The Energy Department’s Waste Isolation Pilot Plant in New Mexico received only 67 shipments of transuranic waste during the first five months of the year, compared to 125 during the same period in 2019.
The underground disposal site for defense-related TRU received 20 shipments in May. Thirteen came from the Idaho National Laboratory and seven from the Los Alamos National Laboratory in New Mexico.
Through the end of May, the Idaho National Laboratory sent a total of 39 shipments in 2020. Another 20 came from Los Alamos and eight from the Savannah River Site in South Carolina, according to figures available on WIPP’s public website.
Dramatically reduced operations in March and April due to the COVID-19 pandemic, a longer-than-normal annual maintenance outage, and rough winter weather are contributing factors cited by DOE for this year’s slow pace.

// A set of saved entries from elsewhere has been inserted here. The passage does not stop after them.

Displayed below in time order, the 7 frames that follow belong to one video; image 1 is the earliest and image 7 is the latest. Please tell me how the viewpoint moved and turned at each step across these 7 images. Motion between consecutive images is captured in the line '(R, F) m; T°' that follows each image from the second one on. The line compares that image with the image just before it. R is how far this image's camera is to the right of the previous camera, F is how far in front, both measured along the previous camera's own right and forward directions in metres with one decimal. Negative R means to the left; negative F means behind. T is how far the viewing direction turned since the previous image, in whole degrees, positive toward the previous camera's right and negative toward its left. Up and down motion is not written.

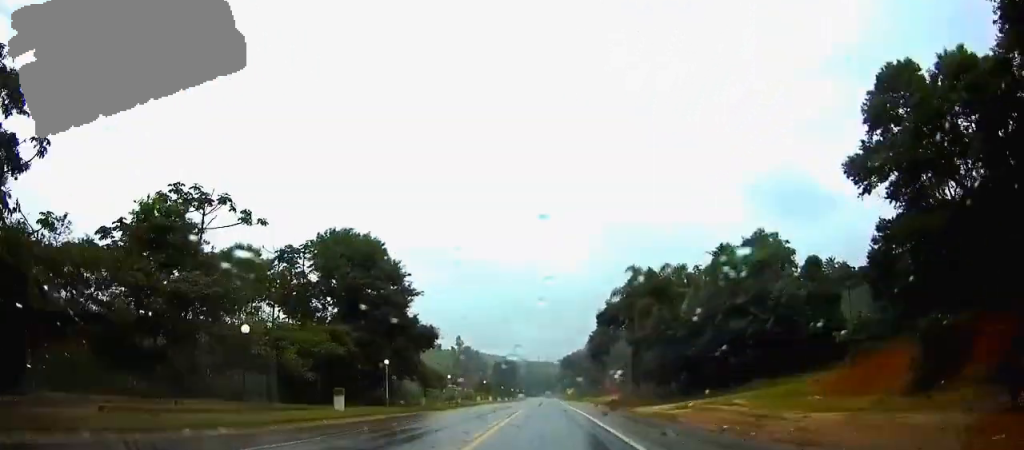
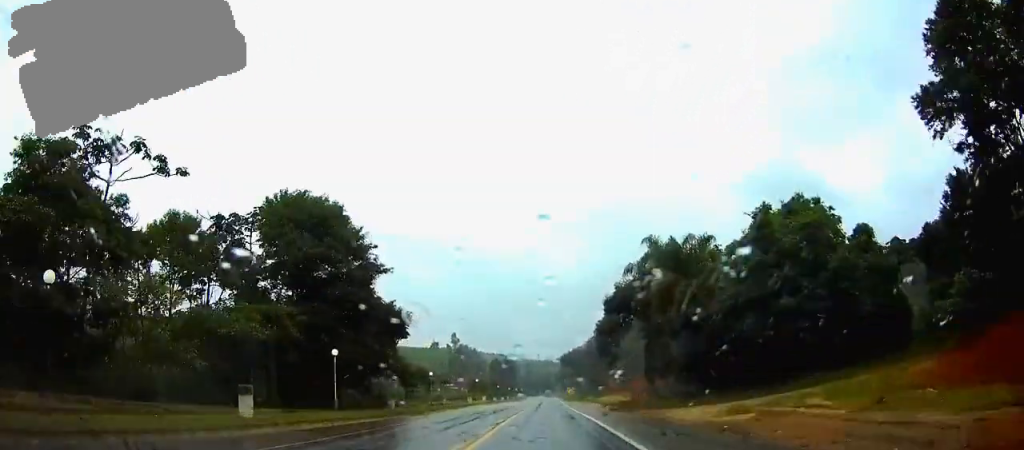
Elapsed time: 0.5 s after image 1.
(0.0, +10.4) m; 0°
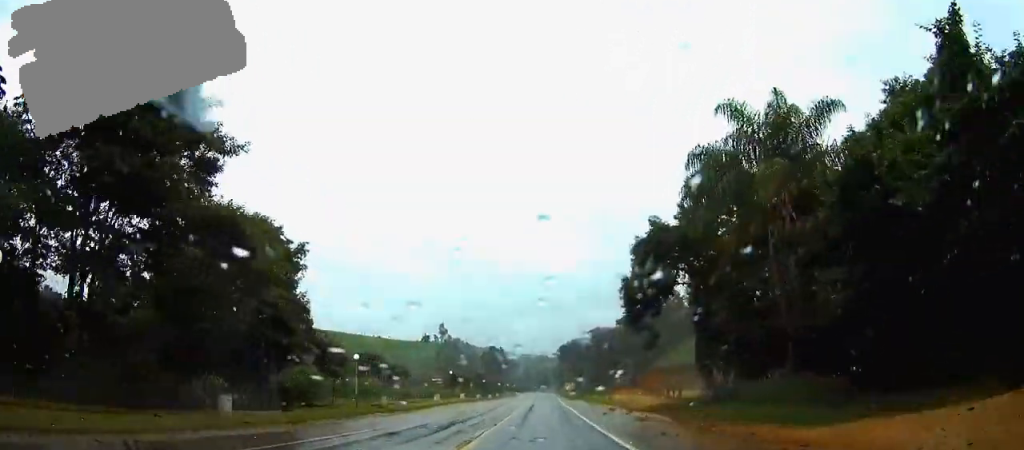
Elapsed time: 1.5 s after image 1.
(-0.1, +22.2) m; 0°
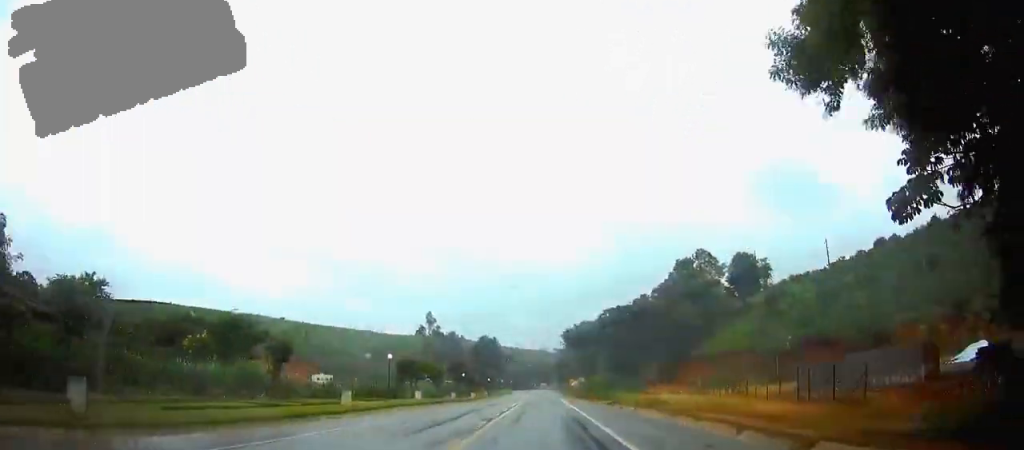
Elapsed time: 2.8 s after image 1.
(0.0, +28.7) m; 0°
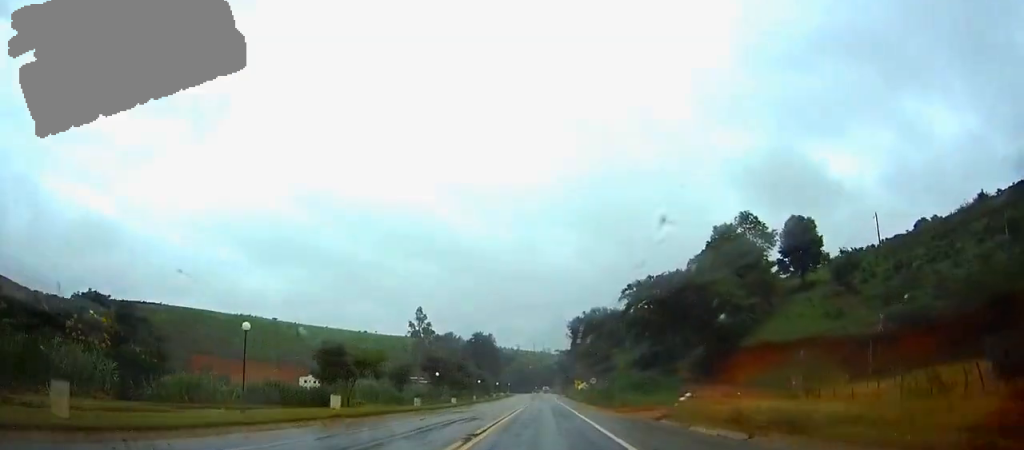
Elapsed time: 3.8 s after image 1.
(+0.1, +22.1) m; 0°
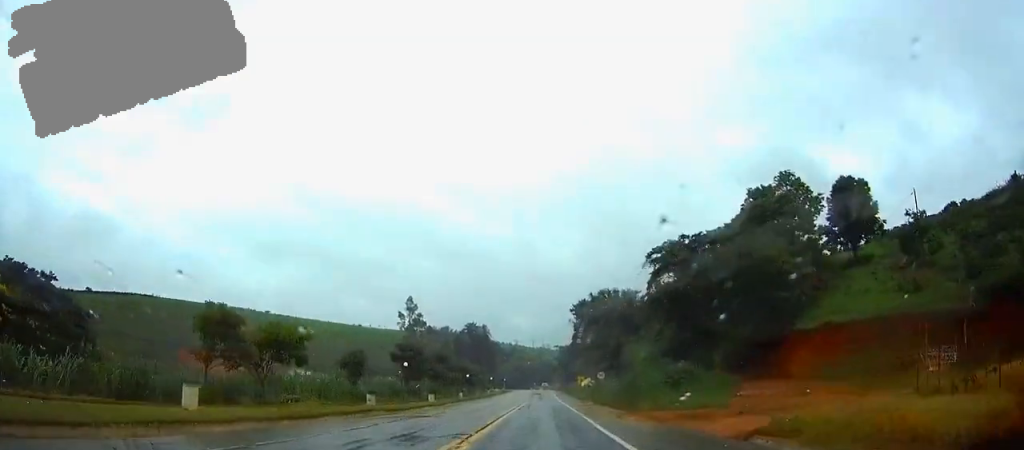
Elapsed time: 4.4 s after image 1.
(0.0, +14.0) m; 0°
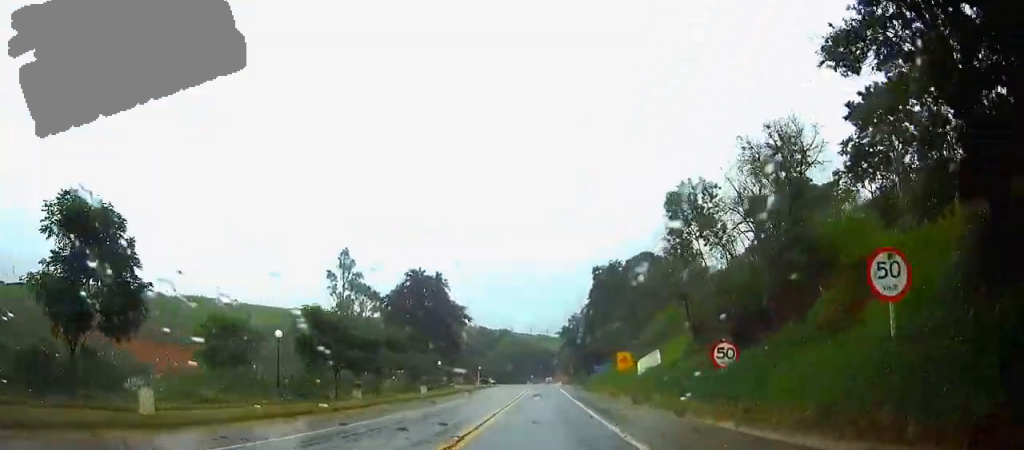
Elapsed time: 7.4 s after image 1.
(0.0, +64.1) m; 0°

Generally, around 1,000 federal and contractor employees are on-site at the disposal complex, but that dropped to less than 300 during April and May when staffing and operations were reduced in an effort to slow the spread of novel coronavirus 2019 within the workforce. During March and April, WIPP accepted no more than four or five shipments weekly. That is roughly half as many as it received during a good week of normal operations, according to DOE.
The disposal site entered Phase 1 of DOE’s remobilization this month. There is no set date for resumption of full operations, Sean Dunagan, president and project manager for WIPP contractor Nuclear Waste Partnership, said last week.